And to practice that, lets start. So since we're all in higher education-- if you're in higher education, you should be-- please go into the chat window and type in the mascot of your school and then the color of your rival school. So that color that you absolutely hate.
So for me, I went to Brigham Young University, as Lorraine mentioned. So our mascot's a cougar, and the color we hate is red, for the University of Utah. One of our supporters here is a University of Utah grad, and I'm sure he appreciates that. So go ahead and chat, and type in your school and your rival's color-- or your mascot and your rival's color, and see what we've got.
I see none coming in. My friend Wayne is going to say the Utes, and he'll say red. Pete says Hoosier and black and gold. Jeff, polar bear and purple. I didn't even know there was a polar bear. Awesome. Bobcats, blue. Glenn says terrier, yellow and black. Awesome. Pirates and purple. Looks like UNC Tar Heels, Duke blue. Awesome, well, thank you, everybody, for that. Let's start this session.

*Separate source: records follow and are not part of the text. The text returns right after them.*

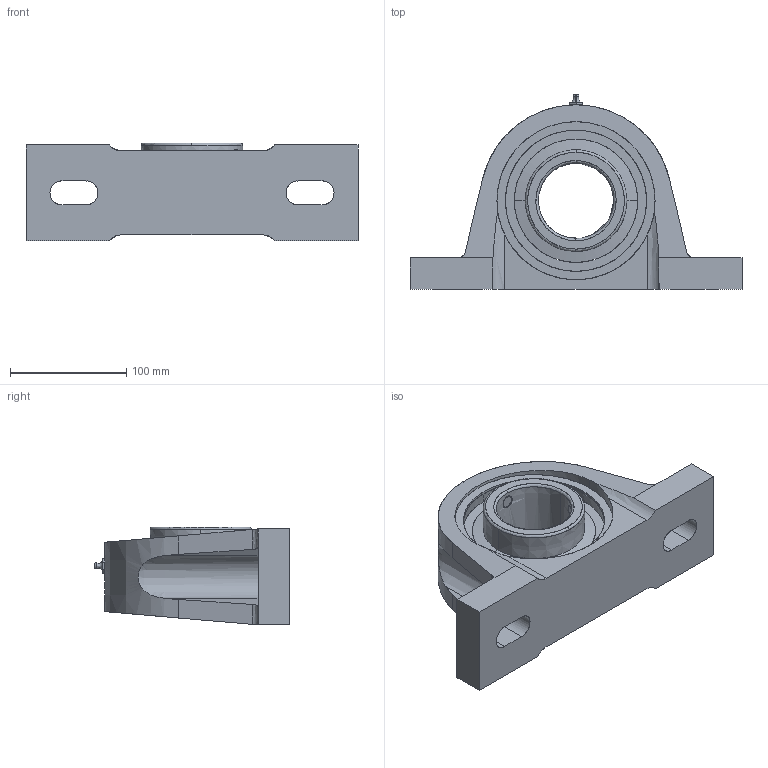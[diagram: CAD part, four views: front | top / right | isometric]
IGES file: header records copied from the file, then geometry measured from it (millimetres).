
Start section: SolidWorks IGES file using analytic representation for surfaces
Global section: file name: MPDEFAU02201612391662.igs; native system: SolidWorks 2008; preprocessor: SolidWorks 2008; author: partstream; date: 080220.161236; units: millimetre
Bounding box: 285.75 x 167.59 x 84.14 mm (x, y, z)
Surface area: 153942.2 mm2 (no closed solid volume)
Topology: 0 solids, 0 shells, 112 faces, 2533 edges, 2540 vertices
Faces by surface type: bspline 63, revolution 49
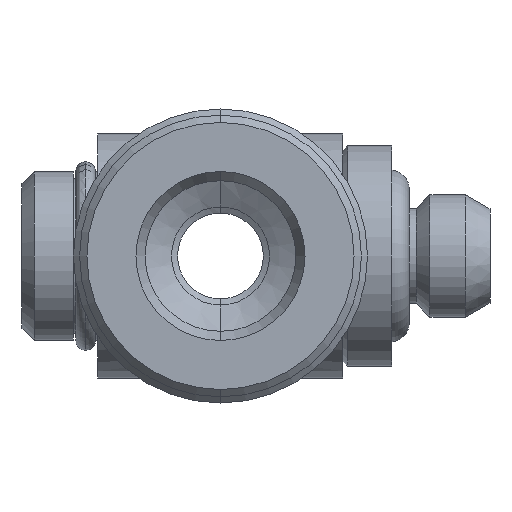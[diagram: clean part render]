
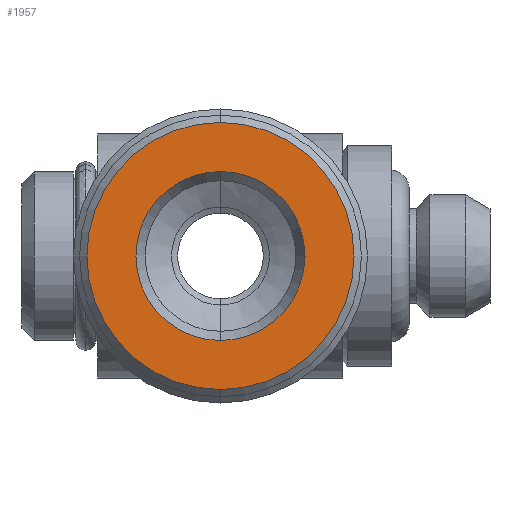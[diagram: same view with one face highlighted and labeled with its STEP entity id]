
A CAD part, left-side view. The second image highlights one B-rep face of the part: STEP entity #1957.
In plain terms, the highlighted planar face has unit normal (-1, 0, 0).
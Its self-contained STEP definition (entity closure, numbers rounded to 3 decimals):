
#1397 = CARTESIAN_POINT ( 'NONE',  ( -21.7, 11., 5.45 ) ) ;
#1426 = CARTESIAN_POINT ( 'NONE',  ( -21.7, 11., -5.45 ) ) ;
#1957 = ADVANCED_FACE ( 'NONE', ( #4260, #4259 ), #4142, .T. ) ;
#1958 = EDGE_LOOP ( 'NONE', ( #2015, #2077 ) ) ;
#2006 = EDGE_CURVE ( 'NONE', #2113, #2109, #4160, .T. ) ;
#2015 = ORIENTED_EDGE ( 'NONE', *, *, #2253, .T. ) ;
#2026 = ORIENTED_EDGE ( 'NONE', *, *, #2193, .F. ) ;
#2027 = ORIENTED_EDGE ( 'NONE', *, *, #2006, .F. ) ;
#2038 = EDGE_LOOP ( 'NONE', ( #2026, #2027 ) ) ;
#2041 = EDGE_CURVE ( 'NONE', #2235, #2251, #4151, .T. ) ;
#2077 = ORIENTED_EDGE ( 'NONE', *, *, #2041, .T. ) ;
#2109 = VERTEX_POINT ( 'NONE', #1397 ) ;
#2113 = VERTEX_POINT ( 'NONE', #1426 ) ;
#2193 = EDGE_CURVE ( 'NONE', #2109, #2113, #5069, .T. ) ;
#2235 = VERTEX_POINT ( 'NONE', #4385 ) ;
#2251 = VERTEX_POINT ( 'NONE', #4387 ) ;
#2253 = EDGE_CURVE ( 'NONE', #2251, #2235, #4401, .T. ) ;
#4142 = PLANE ( 'NONE',  #4201 ) ;
#4147 = DIRECTION ( 'NONE',  ( 0., 0., 1. ) ) ;
#4148 = DIRECTION ( 'NONE',  ( 1., 0., 0. ) ) ;
#4149 = CARTESIAN_POINT ( 'NONE',  ( -21.7, 11., 0. ) ) ;
#4150 = AXIS2_PLACEMENT_3D ( 'NONE', #4149, #4148, #4147 ) ;
#4151 = CIRCLE ( 'NONE', #4150, 3.45 ) ;
#4159 = CARTESIAN_POINT ( 'NONE',  ( -21.7, 11., 0. ) ) ;
#4160 = CIRCLE ( 'NONE', #4295, 5.45 ) ;
#4198 = DIRECTION ( 'NONE',  ( 0., 0., -1. ) ) ;
#4199 = DIRECTION ( 'NONE',  ( -1., 0., 0. ) ) ;
#4200 = CARTESIAN_POINT ( 'NONE',  ( -21.7, 5.55, 0. ) ) ;
#4201 = AXIS2_PLACEMENT_3D ( 'NONE', #4200, #4199, #4198 ) ;
#4259 = FACE_OUTER_BOUND ( 'NONE', #2038, .T. ) ;
#4260 = FACE_BOUND ( 'NONE', #1958, .T. ) ;
#4293 = DIRECTION ( 'NONE',  ( 0., 0., 1. ) ) ;
#4294 = DIRECTION ( 'NONE',  ( 1., 0., 0. ) ) ;
#4295 = AXIS2_PLACEMENT_3D ( 'NONE', #4159, #4294, #4293 ) ;
#4385 = CARTESIAN_POINT ( 'NONE',  ( -21.7, 11., 3.45 ) ) ;
#4387 = CARTESIAN_POINT ( 'NONE',  ( -21.7, 11., -3.45 ) ) ;
#4401 = CIRCLE ( 'NONE', #4423, 3.45 ) ;
#4420 = DIRECTION ( 'NONE',  ( 0., 0., 1. ) ) ;
#4421 = DIRECTION ( 'NONE',  ( 1., 0., 0. ) ) ;
#4422 = CARTESIAN_POINT ( 'NONE',  ( -21.7, 11., 0. ) ) ;
#4423 = AXIS2_PLACEMENT_3D ( 'NONE', #4422, #4421, #4420 ) ;
#5066 = DIRECTION ( 'NONE',  ( 0., 0., 1. ) ) ;
#5067 = DIRECTION ( 'NONE',  ( 1., 0., 0. ) ) ;
#5068 = AXIS2_PLACEMENT_3D ( 'NONE', #5116, #5067, #5066 ) ;
#5069 = CIRCLE ( 'NONE', #5068, 5.45 ) ;
#5116 = CARTESIAN_POINT ( 'NONE',  ( -21.7, 11., 0. ) ) ;
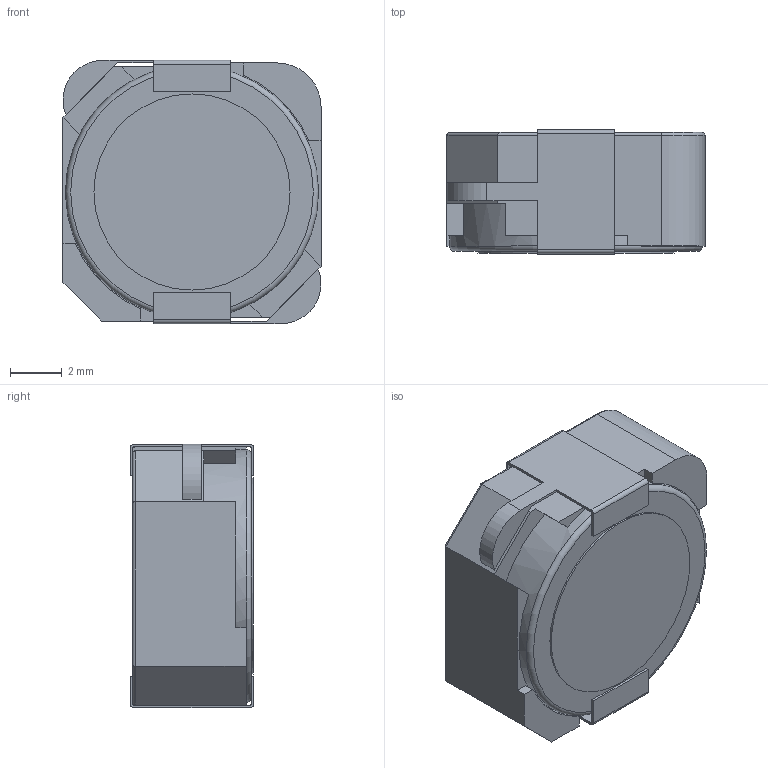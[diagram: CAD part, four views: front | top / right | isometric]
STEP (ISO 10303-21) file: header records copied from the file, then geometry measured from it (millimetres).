
FILE_DESCRIPTION (( 'STEP AP214' ), '1' );
FILE_NAME ('SRR1050A-120Y.STEP', '2018-09-30T13:58:56', ( '' ), ( '' ), 'SwSTEP 2.0', 'SolidWorks 2017', '' );
FILE_SCHEMA (( 'AUTOMOTIVE_DESIGN' ));
Length unit declared in the file: millimetre
Products named in the file (1): SRR1050A-120Y
Bounding box: 10 x 4.8 x 10.2 mm (x, y, z)
Volume: 414.9 mm3; surface area: 517.7 mm2
Topology: 3 solids, 3 shells, 107 faces, 279 edges, 180 vertices
Faces by surface type: plane 71, cylinder 33, torus 3
Entity records: 3528 total; most frequent: CARTESIAN_POINT 585, ORIENTED_EDGE 558, DIRECTION 556, EDGE_CURVE 279, VECTOR 206, LINE 206, VERTEX_POINT 180, AXIS2_PLACEMENT_3D 175

All right, as you saw from the title, our session's about Zero to Hero. So we've all heard a zero to hero stories, of people that come from humble beginnings, overcome seemingly enormous surmountable obstacles, and emerge triumphant with amazing accomplishments. You know who we're talking about. It's like Jesse Owens, JK Rowling, Colonel Sanders, Walt Disney, and Michael Jordan. And, of course, as seen on our screens, Steve Rogers, also known as Captain America.

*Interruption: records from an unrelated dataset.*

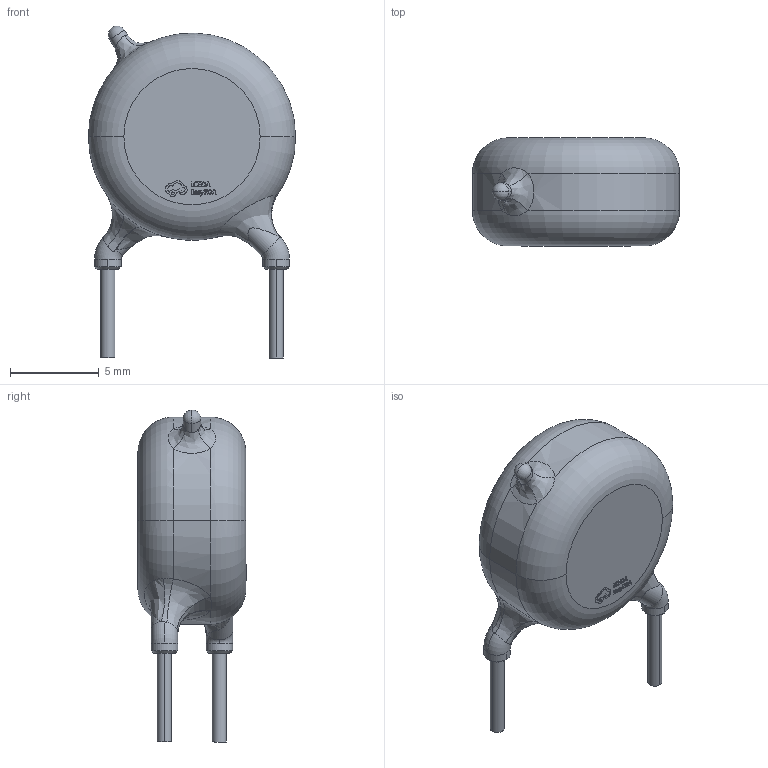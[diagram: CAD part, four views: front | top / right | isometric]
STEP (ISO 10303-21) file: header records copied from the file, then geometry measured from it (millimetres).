
FILE_DESCRIPTION (( 'STEP AP214' ), '1' );
FILE_NAME ('CAP-TH_L11.7-W6.1-P9.50-D0.8-S3.10.STEP', '2023-04-24T14:13:48', ( '' ), ( '' ), 'SwSTEP 2.0', 'SolidWorks 2020', '' );
FILE_SCHEMA (( 'AUTOMOTIVE_DESIGN' ));
Length unit declared in the file: millimetre
Products named in the file (1): CAP-TH_L11.7-W6.1-P9.50-D0.8-S3.10
Bounding box: 11.7 x 6.11 x 18.75 mm (x, y, z)
Volume: 621.8 mm3; surface area: 431.5 mm2
Topology: 1 solids, 1 shells, 273 faces, 730 edges, 478 vertices
Faces by surface type: plane 128, bspline 114, cylinder 17, torus 8, cone 4, sphere 2
Entity records: 13344 total; most frequent: CARTESIAN_POINT 4521, ORIENTED_EDGE 1452, DIRECTION 757, EDGE_CURVE 726, VERTEX_POINT 476, B_SPLINE_CURVE_WITH_KNOTS 359, VECTOR 297, LINE 297
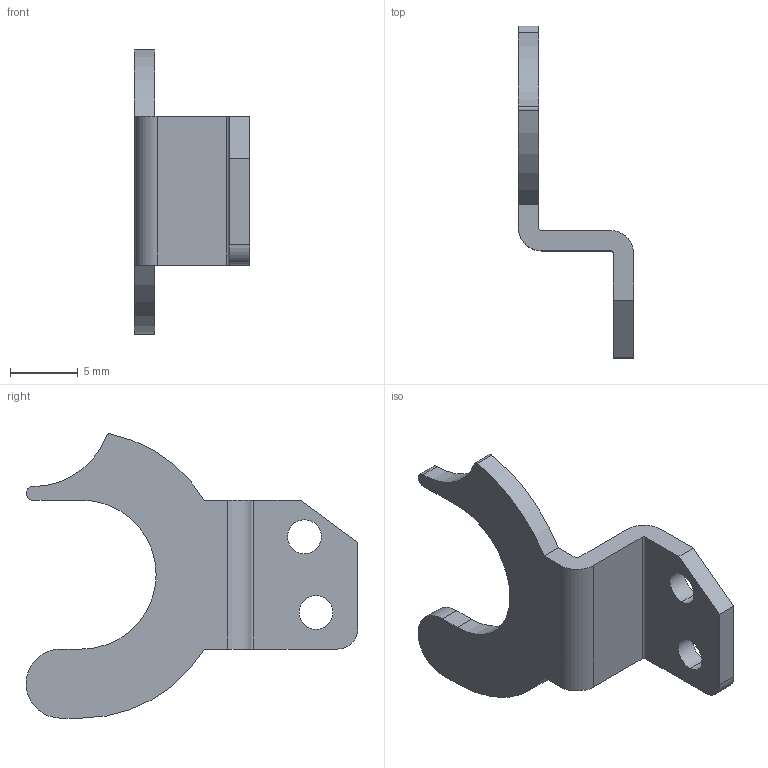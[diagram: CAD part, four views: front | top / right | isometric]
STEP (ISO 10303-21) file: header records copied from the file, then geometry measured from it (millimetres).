
FILE_DESCRIPTION (( 'STEP AP214' ), '1' );
FILE_NAME ('Carriage - Accumulator Cam Retention Plate.STEP', '2025-07-06T08:34:31', ( '' ), ( '' ), 'SwSTEP 2.0', 'SolidWorks 2025', '' );
FILE_SCHEMA (( 'AUTOMOTIVE_DESIGN' ));
Length unit declared in the file: millimetre
Products named in the file (1): Carriage - Accumulator Cam Retention Plate
Bounding box: 8.5 x 24.5 x 20.99 mm (x, y, z)
Volume: 470.4 mm3; surface area: 806.5 mm2
Topology: 1 solids, 1 shells, 29 faces, 81 edges, 54 vertices
Faces by surface type: cylinder 16, plane 13
Entity records: 989 total; most frequent: DIRECTION 173, CARTESIAN_POINT 165, ORIENTED_EDGE 162, EDGE_CURVE 81, AXIS2_PLACEMENT_3D 62, VERTEX_POINT 54, LINE 49, VECTOR 49

I find these stories inspirational, and sometimes even motivational, but I can't relate. I come from an average beginning. My seemingly insurmountable obstacle is a loss in the student body election in the eighth grade, and my amazing accomplishment is happening right now. Me, spending 18 minutes talking with you about identity and access management. I'm much more Walter Mitty than Helen Keller. Maybe you're the same.
So what does this Zero to Hero thing have to do with dealing with Active Directory and identity management in higher ed? Well, let me try and draw some correlations. I'll try to do this by telling some stories about higher education institutions just like you.
There's 20 million post-secondary students in the United States right now. You have some of them, maybe you have lots of them. We'll start with an Atlantic 10 University that we'll call the Colonials. The Colonials have around 26,000 of those 20 million students, not to mention nearly 6,500 faculty and staff supporting 10 schools and colleges.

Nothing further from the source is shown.